Mallory’s sister in Texas and his brother in New Jersey wanted nothing to do with Richard’s business. A Mr Townley took over the repair equipment that had been dumped, moved the shop several doors from the original site, and Mallory Electronics became Johnny’s TV & VCR of Palm Harbor. Jackie Davis took charge of Mallory’s cremation and scattered his ashes in nearby woodland.

But did anyone other than Lee know about the killing of Richard Mallory? In various quarters, it has always been accepted that Lee’s lesbian lover had no knowledge at all of Mallory’s murder. Indeed, after Lee’s arrest for murder, Tyria initially told investigators that she had no inkling that Lee had been involved with any murder until they crashed murder victim Peter Siems’s car on Wednesday, 4 July 1990 – almost a full seven months after Mallory was killed. She then watered down her story when pressed, saying that Lee had told her about the murder of Mallory but she didn’t believe her.

Now, however, we can learn the shocking truth. Tyria knew about the murder of Richard Mallory because Lee had told her. In fact, she told her the very same day Lee had killed the man. Lee gave Tyria a scarf and jacket belonging to Mallory – it had ‘Richard’ printed inside the jacket collar – and she showed her a camera, a radar detector and toolbox which had mysteriously come into her possession. And, if all of this was not sufficient to raise Tyria’s suspicions from non-belief to that of shock, she could have hardly failed to notice the blood-spattered car seat while she was driving round in Mallory’s car for an hour.

Tyria would later say:

She [Lee] came home early one day in December with a two-door Cadillac with tinted windows and a gator plate [a Florida number plate] on the front. We used this car to move from Ocean Shores Motel to [an apartment on] Burleigh Avenue. Later that night after I came home from work, Lee told me she had shot and killed a guy that day. She later told me she had covered his body with a piece of carpet… and left the car in some woods off John Anderson. And, when we moved in on Burleigh, she had gotten some things in which she showed me something with the name ‘Richard’ on it. She gave me a grey jacket and scarf, which I believe she had gotten from that car.

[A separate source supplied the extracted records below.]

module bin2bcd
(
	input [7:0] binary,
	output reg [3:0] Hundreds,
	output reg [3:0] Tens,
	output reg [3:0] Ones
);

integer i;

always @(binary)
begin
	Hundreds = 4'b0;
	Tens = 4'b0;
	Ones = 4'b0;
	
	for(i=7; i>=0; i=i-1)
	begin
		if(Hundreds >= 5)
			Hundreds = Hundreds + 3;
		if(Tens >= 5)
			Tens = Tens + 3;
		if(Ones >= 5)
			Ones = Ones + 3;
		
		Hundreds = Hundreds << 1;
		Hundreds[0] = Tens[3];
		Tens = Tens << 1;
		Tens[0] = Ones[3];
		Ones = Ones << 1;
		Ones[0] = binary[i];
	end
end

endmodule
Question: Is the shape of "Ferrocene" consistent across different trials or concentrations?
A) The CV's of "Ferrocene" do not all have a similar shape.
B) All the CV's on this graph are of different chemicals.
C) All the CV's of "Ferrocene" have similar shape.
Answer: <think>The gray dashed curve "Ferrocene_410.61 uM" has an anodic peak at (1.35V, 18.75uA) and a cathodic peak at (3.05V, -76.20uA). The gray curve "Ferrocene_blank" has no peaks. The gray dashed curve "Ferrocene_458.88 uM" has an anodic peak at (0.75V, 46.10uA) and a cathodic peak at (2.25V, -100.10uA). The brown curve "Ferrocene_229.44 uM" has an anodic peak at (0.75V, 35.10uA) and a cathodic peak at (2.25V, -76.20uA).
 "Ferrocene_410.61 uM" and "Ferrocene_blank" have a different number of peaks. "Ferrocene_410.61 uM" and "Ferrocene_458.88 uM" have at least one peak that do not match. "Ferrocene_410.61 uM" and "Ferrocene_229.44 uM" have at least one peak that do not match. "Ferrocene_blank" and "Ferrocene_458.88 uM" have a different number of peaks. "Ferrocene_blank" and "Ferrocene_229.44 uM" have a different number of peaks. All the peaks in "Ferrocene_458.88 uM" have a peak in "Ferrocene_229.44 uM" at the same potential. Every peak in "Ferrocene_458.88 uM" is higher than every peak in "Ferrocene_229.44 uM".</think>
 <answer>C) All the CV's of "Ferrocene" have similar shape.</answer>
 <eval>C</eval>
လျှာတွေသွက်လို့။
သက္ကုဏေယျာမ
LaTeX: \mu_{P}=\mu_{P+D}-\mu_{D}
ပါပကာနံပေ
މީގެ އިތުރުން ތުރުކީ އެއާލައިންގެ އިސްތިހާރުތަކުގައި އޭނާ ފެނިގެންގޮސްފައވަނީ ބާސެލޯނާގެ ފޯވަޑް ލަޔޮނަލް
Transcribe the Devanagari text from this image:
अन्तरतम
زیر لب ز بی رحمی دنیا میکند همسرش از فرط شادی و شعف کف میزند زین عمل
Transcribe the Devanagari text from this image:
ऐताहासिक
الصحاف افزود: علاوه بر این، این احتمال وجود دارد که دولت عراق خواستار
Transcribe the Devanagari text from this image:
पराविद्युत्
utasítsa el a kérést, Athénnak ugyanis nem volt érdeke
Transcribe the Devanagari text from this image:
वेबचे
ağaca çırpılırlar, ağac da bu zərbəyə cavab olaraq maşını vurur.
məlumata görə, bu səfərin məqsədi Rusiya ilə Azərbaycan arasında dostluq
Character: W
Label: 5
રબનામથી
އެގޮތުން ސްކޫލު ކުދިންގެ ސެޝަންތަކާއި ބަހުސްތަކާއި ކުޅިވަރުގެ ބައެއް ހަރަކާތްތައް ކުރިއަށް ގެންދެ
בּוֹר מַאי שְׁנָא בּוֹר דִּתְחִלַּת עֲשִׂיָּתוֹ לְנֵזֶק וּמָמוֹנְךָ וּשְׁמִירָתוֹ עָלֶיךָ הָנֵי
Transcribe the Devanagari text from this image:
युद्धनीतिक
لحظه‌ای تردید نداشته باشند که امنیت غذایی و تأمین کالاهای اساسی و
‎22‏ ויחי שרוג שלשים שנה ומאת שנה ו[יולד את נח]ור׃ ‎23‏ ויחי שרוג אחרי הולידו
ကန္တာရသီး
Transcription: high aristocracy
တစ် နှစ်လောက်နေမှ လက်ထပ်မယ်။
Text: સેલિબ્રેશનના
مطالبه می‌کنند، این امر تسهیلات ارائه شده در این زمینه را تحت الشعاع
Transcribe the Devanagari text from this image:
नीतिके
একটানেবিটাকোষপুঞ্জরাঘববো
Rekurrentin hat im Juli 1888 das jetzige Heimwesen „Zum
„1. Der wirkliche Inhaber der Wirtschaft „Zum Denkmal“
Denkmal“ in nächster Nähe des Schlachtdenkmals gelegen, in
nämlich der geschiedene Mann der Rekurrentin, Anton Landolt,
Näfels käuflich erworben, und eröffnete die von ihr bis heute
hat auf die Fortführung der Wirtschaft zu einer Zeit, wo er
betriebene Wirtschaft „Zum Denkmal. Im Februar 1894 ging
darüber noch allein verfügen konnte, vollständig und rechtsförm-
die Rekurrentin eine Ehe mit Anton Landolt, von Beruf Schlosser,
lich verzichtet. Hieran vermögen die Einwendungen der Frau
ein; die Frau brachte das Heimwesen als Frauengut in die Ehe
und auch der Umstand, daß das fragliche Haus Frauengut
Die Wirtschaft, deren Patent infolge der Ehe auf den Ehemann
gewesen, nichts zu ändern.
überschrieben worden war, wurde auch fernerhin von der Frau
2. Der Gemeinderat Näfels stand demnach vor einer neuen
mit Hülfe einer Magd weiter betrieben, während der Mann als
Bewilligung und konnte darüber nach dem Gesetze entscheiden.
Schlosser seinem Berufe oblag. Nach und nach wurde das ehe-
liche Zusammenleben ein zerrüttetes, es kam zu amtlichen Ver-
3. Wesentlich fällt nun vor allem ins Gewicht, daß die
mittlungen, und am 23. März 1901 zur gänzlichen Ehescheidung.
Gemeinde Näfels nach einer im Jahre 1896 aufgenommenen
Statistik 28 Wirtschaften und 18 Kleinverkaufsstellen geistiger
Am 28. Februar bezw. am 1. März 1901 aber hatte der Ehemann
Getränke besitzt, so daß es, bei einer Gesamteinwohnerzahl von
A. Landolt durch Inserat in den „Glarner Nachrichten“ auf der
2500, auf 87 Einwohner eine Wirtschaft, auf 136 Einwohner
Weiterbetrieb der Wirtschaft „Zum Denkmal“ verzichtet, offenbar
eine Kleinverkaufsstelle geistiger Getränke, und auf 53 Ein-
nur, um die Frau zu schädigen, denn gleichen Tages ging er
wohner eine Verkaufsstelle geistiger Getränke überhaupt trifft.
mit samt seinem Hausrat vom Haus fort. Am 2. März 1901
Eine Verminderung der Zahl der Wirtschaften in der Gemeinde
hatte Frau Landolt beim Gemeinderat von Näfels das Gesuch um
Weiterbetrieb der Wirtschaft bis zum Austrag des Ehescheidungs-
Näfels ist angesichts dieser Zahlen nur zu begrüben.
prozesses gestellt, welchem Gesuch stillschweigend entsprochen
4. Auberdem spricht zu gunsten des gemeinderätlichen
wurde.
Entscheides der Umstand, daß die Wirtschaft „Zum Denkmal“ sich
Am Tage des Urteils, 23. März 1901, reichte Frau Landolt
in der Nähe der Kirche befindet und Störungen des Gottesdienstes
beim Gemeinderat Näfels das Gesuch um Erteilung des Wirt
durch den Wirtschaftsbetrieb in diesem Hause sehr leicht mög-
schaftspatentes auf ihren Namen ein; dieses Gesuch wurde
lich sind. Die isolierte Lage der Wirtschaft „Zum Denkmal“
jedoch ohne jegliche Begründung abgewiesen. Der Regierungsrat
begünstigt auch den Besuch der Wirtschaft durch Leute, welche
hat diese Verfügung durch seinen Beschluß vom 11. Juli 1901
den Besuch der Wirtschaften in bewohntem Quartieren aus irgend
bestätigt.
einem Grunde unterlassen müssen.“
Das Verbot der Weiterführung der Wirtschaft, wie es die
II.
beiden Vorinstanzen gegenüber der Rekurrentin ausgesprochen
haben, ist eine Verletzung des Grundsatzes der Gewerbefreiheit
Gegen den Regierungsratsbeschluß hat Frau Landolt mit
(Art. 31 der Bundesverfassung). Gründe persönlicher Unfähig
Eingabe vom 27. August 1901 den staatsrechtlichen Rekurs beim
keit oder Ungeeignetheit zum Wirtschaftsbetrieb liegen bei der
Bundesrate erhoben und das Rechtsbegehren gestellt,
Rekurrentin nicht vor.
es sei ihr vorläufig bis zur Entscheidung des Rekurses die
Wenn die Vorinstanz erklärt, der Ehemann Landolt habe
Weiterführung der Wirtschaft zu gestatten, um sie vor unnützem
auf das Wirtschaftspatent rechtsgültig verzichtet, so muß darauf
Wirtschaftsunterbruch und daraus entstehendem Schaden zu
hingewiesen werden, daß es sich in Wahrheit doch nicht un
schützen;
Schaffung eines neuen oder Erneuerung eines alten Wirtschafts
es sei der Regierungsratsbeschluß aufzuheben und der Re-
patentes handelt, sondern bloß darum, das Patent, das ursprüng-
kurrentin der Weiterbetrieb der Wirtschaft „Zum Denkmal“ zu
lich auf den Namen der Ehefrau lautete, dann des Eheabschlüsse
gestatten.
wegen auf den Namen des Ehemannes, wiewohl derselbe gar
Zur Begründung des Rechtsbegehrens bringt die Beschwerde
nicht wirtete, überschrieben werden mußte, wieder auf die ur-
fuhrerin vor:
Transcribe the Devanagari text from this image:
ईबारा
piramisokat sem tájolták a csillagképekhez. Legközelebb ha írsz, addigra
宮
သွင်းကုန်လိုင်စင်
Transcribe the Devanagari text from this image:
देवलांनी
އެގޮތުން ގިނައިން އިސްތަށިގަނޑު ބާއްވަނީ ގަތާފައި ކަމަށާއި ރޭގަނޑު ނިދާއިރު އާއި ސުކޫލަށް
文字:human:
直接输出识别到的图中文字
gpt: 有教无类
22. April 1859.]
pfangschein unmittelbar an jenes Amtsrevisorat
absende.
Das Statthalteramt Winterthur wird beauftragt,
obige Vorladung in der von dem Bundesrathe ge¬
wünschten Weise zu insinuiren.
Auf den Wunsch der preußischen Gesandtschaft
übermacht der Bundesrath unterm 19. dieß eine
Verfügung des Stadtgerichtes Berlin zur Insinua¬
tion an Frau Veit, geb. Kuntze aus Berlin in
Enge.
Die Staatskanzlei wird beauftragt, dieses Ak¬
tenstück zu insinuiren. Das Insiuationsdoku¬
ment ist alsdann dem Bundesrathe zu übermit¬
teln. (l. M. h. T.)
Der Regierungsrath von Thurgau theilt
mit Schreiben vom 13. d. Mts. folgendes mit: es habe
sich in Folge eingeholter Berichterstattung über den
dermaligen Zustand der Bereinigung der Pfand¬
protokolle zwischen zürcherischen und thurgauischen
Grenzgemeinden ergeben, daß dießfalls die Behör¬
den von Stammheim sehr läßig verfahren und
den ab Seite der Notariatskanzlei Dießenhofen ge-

Richard Charles Mallory was shot to death very close to Ormond-by-the-Sea at around 5am on the morning of Friday, 1 December 1989, but now, for the first time, we can follow the sequence of events thereafter.

After blasting Mallory to death, Lee then drove his car to the Ocean Shores Motel in Holly Hill where she met up with Tyria. Using Mallory’s Cadillac, together they moved their possessions to a low-budget or ‘efficiency’ apartment on Burleigh Avenue. They went back to their old apartment in the car, collected up their two pets – a dog and a cat – and returned to the new apartment. Tyria rode off on her moped, while Lee threw a 12-speed cycle into the back of the car and dumped the vehicle within a short distance of Burleigh Avenue where it was later found by police. She cycled back to the new apartment where she gave Mallory’s grey jacket and scarf to Tyria, explaining in the same breath that she had ‘shot and killed a guy that day’.

At 2.25pm on Wednesday, 6 December, Lee, using the alias of Cammie Marsh Green of 1 High Ridge Road, strolled into OK Pawn and Jewelry Inc, 305 Dr Mary McLeod Bethune Boulevard, Daytona Beach. She was about to pawn a Minolta Freedom camera and a Radio Shack Micronta Road Patrol Radar Detector, formerly the property of Richard Mallory. The ticket number 3325 recorded the transaction, and the manager, Linda Miller, handed over $35. Lee’s obligatory thumbprint on the document would later prove part of her undoing.

The murder weapon was found after Lee’s arrest. For four days police searched Rose Bay, and the rusty gun was located in the south-east corner between the sea wall and the first set of pilings supporting the bridge. Donald Champagne, ballistics expert and retired from the Florida Department of Law Enforcement, identified it as a .22-calibre, nine-shot pistol with six grooves and a right-hand twist. ‘A popular weapon.’